OML: A Primitive for Reconciling Open Access with Owner Control in AI Model Distribution
Zerui Cheng, Edoardo Contente, Ben Finch, Oleg Golev, Jonathan Hayase, Andrew Miller, Niusha Moshrefi, Anshul Nasery, Sandeep Nailwal, Sewoong Oh, Himanshu Tyagi, Pramod Viswanath
TL;DR
This work formalizes $OML$ (Open-access, Monetizable, and Loyal) as a primitive to reconcile open-weight model distribution with cryptographic ownership controls, enabling local execution while enforcing per-input authorization. It establishes a rigorous framework with security definitions (model extraction resistance and permission forgery resistance) and a quantitative quality profile $(Utility,Robust,Overhead)$, then analyzes the design space across obfuscation, TEEs, cryptography, and Melange hybrids. The paper proves fundamental limits (including information-theoretic impossibility) and shows how indistinguishability obfuscation can realize $OML$ under strong assumptions, while offering practical pathways such as $OML$ 1.0 using AI-native fingerprints with near-zero overhead. It provides empirical and theoretical evidence that $OML$ is feasible today at a spectrum of security–efficiency trade-offs, and outlines a research agenda at the intersection of cryptography, ML, and mechanism design with significant governance implications.
Abstract
The current paradigm of AI model distribution presents a fundamental dichotomy: models are either closed and API-gated, sacrificing transparency and local execution, or openly distributed, sacrificing monetization and control. We introduce OML(Open-access, Monetizable, and Loyal AI Model Serving), a primitive that enables a new distribution paradigm where models can be freely distributed for local execution while maintaining cryptographically enforced usage authorization.
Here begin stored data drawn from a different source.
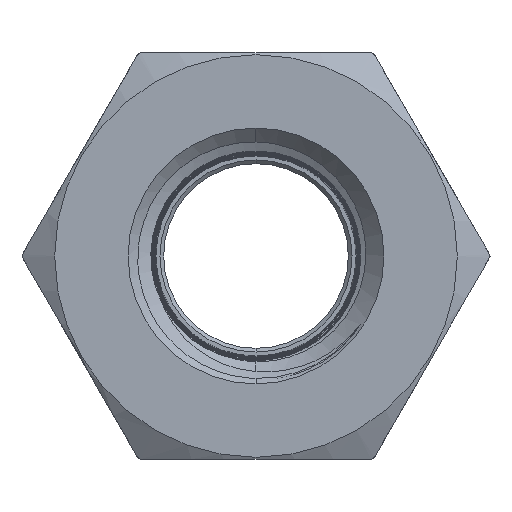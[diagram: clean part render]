
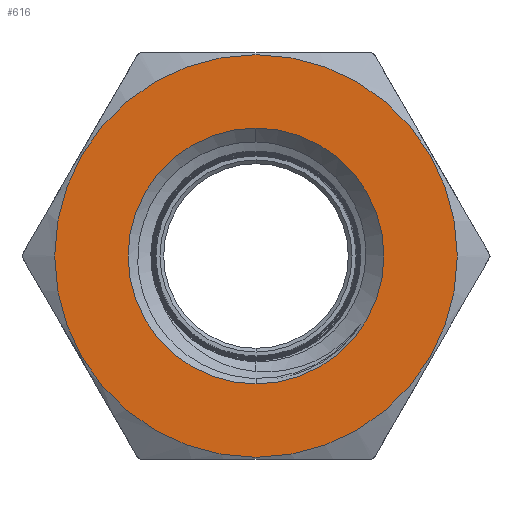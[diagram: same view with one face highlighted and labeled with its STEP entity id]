
A CAD part, front view. The second image highlights one B-rep face of the part: STEP entity #616.
In plain terms, the highlighted planar face has unit normal (0, -1, 0).
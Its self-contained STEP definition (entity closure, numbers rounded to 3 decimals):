
#599 = DIRECTION ( 'NONE',  ( 0., 0., -1. ) ) ;
#616 = ADVANCED_FACE ( 'NONE', ( #7450, #13629 ), #4071, .T. ) ;
#688 = CARTESIAN_POINT ( 'NONE',  ( 0., -21., 10.9 ) ) ;
#695 = AXIS2_PLACEMENT_3D ( 'NONE', #17203, #8083, #18722 ) ;
#1059 = EDGE_LOOP ( 'NONE', ( #8052, #11665 ) ) ;
#1475 = VERTEX_POINT ( 'NONE', #6447 ) ;
#2350 = AXIS2_PLACEMENT_3D ( 'NONE', #15321, #6241, #16859 ) ;
#2455 = AXIS2_PLACEMENT_3D ( 'NONE', #6377, #17007, #7875 ) ;
#3717 = EDGE_CURVE ( 'NONE', #16191, #1475, #15769, .T. ) ;
#4071 = PLANE ( 'NONE',  #18540 ) ;
#4493 = DIRECTION ( 'NONE',  ( 0., 1., 0. ) ) ;
#5527 = EDGE_LOOP ( 'NONE', ( #14680, #9963 ) ) ;
#6241 = DIRECTION ( 'NONE',  ( 0., 1., 0. ) ) ;
#6377 = CARTESIAN_POINT ( 'NONE',  ( 0., -21., 0. ) ) ;
#6447 = CARTESIAN_POINT ( 'NONE',  ( 0., -21., 6.925 ) ) ;
#7450 = FACE_BOUND ( 'NONE', #5527, .T. ) ;
#7875 = DIRECTION ( 'NONE',  ( 0., 0., -1. ) ) ;
#8052 = ORIENTED_EDGE ( 'NONE', *, *, #9586, .F. ) ;
#8083 = DIRECTION ( 'NONE',  ( 0., 1., 0. ) ) ;
#8309 = CIRCLE ( 'NONE', #14704, 6.925 ) ;
#8344 = CARTESIAN_POINT ( 'NONE',  ( 0., -21., -6.925 ) ) ;
#9586 = EDGE_CURVE ( 'NONE', #15699, #14816, #10893, .T. ) ;
#9963 = ORIENTED_EDGE ( 'NONE', *, *, #15304, .T. ) ;
#10893 = CIRCLE ( 'NONE', #695, 10.9 ) ;
#11073 = CARTESIAN_POINT ( 'NONE',  ( 0., -21., 0. ) ) ;
#11665 = ORIENTED_EDGE ( 'NONE', *, *, #16347, .F. ) ;
#11858 = CIRCLE ( 'NONE', #2350, 10.9 ) ;
#13593 = CARTESIAN_POINT ( 'NONE',  ( 0., -21., 0. ) ) ;
#13629 = FACE_OUTER_BOUND ( 'NONE', #1059, .T. ) ;
#14680 = ORIENTED_EDGE ( 'NONE', *, *, #3717, .T. ) ;
#14704 = AXIS2_PLACEMENT_3D ( 'NONE', #13593, #4493, #15117 ) ;
#14816 = VERTEX_POINT ( 'NONE', #19723 ) ;
#15117 = DIRECTION ( 'NONE',  ( 0., 0., -1. ) ) ;
#15304 = EDGE_CURVE ( 'NONE', #1475, #16191, #8309, .T. ) ;
#15321 = CARTESIAN_POINT ( 'NONE',  ( 0., -21., 0. ) ) ;
#15699 = VERTEX_POINT ( 'NONE', #688 ) ;
#15769 = CIRCLE ( 'NONE', #2455, 6.925 ) ;
#15938 = DIRECTION ( 'NONE',  ( 0., -1., 0. ) ) ;
#16191 = VERTEX_POINT ( 'NONE', #8344 ) ;
#16347 = EDGE_CURVE ( 'NONE', #14816, #15699, #11858, .T. ) ;
#16859 = DIRECTION ( 'NONE',  ( 0., 0., 1. ) ) ;
#17007 = DIRECTION ( 'NONE',  ( 0., 1., 0. ) ) ;
#17203 = CARTESIAN_POINT ( 'NONE',  ( 0., -21., 0. ) ) ;
#18540 = AXIS2_PLACEMENT_3D ( 'NONE', #11073, #15938, #599 ) ;
#18722 = DIRECTION ( 'NONE',  ( 0., 0., 1. ) ) ;
#19723 = CARTESIAN_POINT ( 'NONE',  ( 0., -21., -10.9 ) ) ;

We are the first to introduce and formalize this problem, introducing rigorous security definitions tailored to the unique challenge of white-box model protection: model extraction resistance and permission forgery resistance. We prove fundamental bounds on the achievability of OML properties and characterize the complete design space of potential constructions, from obfuscation-based approaches to cryptographic solutions. To demonstrate practical feasibility, we present OML 1.0, a novel OML construction leveraging AI-native model fingerprinting coupled with crypto-economic enforcement mechanisms. Through extensive theoretical analysis and empirical evaluation, we establish OML as a foundational primitive necessary for sustainable AI ecosystems. This work opens a new research direction at the intersection of cryptography, machine learning, and mechanism design, with critical implications for the future of AI distribution and governance.